Каким-то внутренним чутьем Ирина, как только увидела мужа, поняла, что поездка удалась. И — разговоров не перечесть. В этот день решили никуда не ходить, сегодня у них будет день покоя и любви.
… Вставать Григорий не спешил. Ему не хотелось двигаться и что-то делать. Он блаженствовал, наслаждаясь домашним уютом и покоем. Наблюдать за женой из постели — одно удовольствие. Она у него умеет не только нежиться, но и работать, да так, что залюбуешься.
Ирина чистила картошку и нет-нет, да бросала взгляд в его сторону, будто спрашивая: "Ну как, муженек, не стала я хуже чем была?" — "Нет-нет! — отвечал он ей мысленно. — Ты стала для меня еще милей и желанней!"
Картошку жена чистит удивительно легко. Тонюсенькая шкурочка плавно опускается в ведро. Ирина не транжирка, запаслива и практична. Бывало, из клочков ткани, купленных в магазине по дешевой цене, сошьет себе такой наряд, что залюбуешься. "Это мне дано от Бога!" — похвалится пошитым нарядом и мило засмеется.

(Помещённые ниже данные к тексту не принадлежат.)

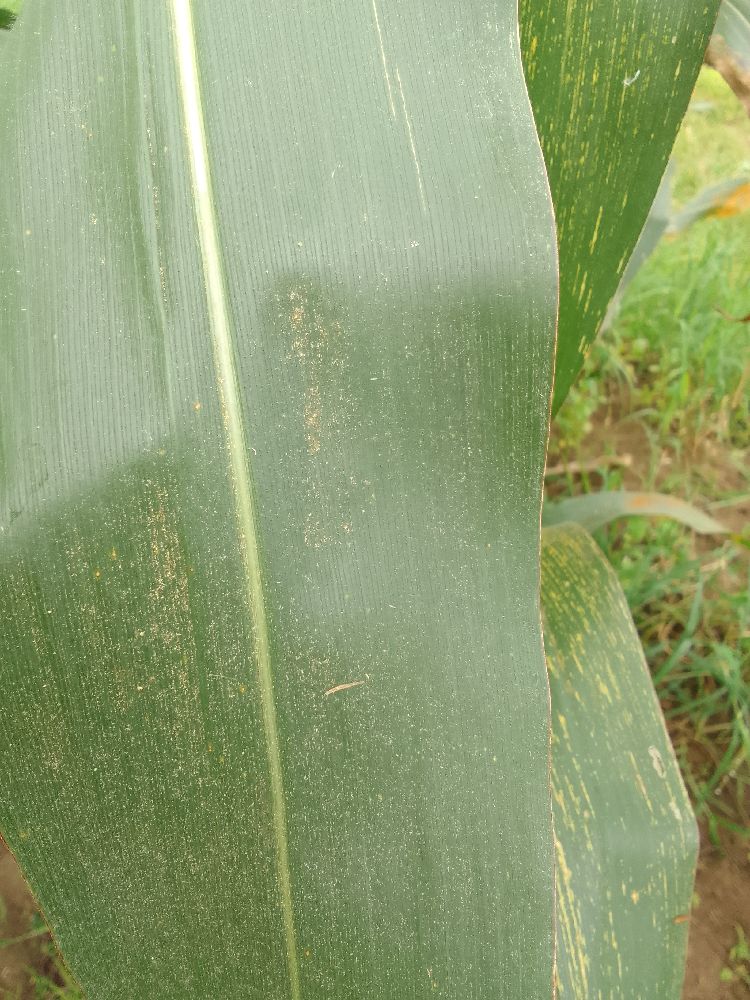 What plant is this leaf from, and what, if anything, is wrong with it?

maize, healthy

Слова, что ее угощение в день отъезда больше всех нахваливал Игорь, восприняла как должное. Он-то думал, что начнет расспрашивать, но жена даже бровью не повела. Подумал: к Рюмину Ирина относится более чем равнодушно, не то что к нему, своему Гришеньке. Все-таки Григорий ревновал жену, хотя ей об этом не говорил… Надо бы вставать, сколько можно прохлаждаться. Столько дел впереди, но так не хочется нарушать покой.
Жена поставила жарить картошку и принялась готовить салат. Не забывает и на муженька поглядеть истосковавшимся, заигрывающим взглядом. Вытерев руки, подошла, а у самой бесенята в глазах. Вытянув губки "дудочкой", бросилась на него и стала целовать. Успокоившись, сказала:
— Вот ведь как по тебе соскучилась. Все время думала, что тебе там холодно и ты замерзаешь. Молила Бога, чтобы сильного ветра не было. Думаешь, вру?
Григорий пожалел, что приехал без подарка. Так бы это было сейчас кстати. Знает, что жена подарки любит, не раз посмотрит, попримеряет, если это одежда или обувь.
— Не обижаешься, что без подарка приехал? — спросил, обнимая Ирину.
— Да ты что! Все равно не угодил бы. Сам знаешь, какая я капризуля. — Обернувшись к мужу, Ирина приняла соответствующее выражение лица, но тут же рассмеялась.
"Шустра, ох шустра! — подумал Григорий. — Все-то знает, все понимает". Ее слова насчет холода и ветра за душу зацепили. Значит, дорог, если так за него переживает.
Григорий обнял жену так крепко, что она ойкнула. Освободившись, легонько ударила его по крепким плечам:
— Медведь! Разве ж так можно давить на хрупкую и беспомощную женщину!
— Извини, не рассчитал. — Григорий и сам понял, что переусердствовал, но уж больно крепко соскучился.
Ирина помешала шкворчащую на сковороде картошку, которая так аппетитно пахла. Муж уже давно глотал слюнки: на завтрак только чаек попили. Но жену не торопил, она этого не любит. Ирина достала скатерть и стала накрывать на стол. Не дожидаясь хозяйки (да они и не особенно ее ждали), счастливые Парамошкины сели за стол и начали угощать друг друга.
XVII
После суток покоя и любви Парамошкин опять с головой окунулся в "челночную" круговерть. Если говорить спортивным языком, — а он считал себя спортсменом, — для Григория начался бег на разные дистанции. Истосковавшись по работе и устав от безуспешных попыток найти ее, Парамошкин наконец-то приступил к осуществлению своей заветной мечты — жить не как другие живут. Какого-то другого пути для себя не видел: "челночная" карусель закружилась без особых затруднений. Вот не ждал не гадал, что так быстро врубится в этот своеобразный бизнес. Даже Рюмин не мог ни в чем к нему придраться.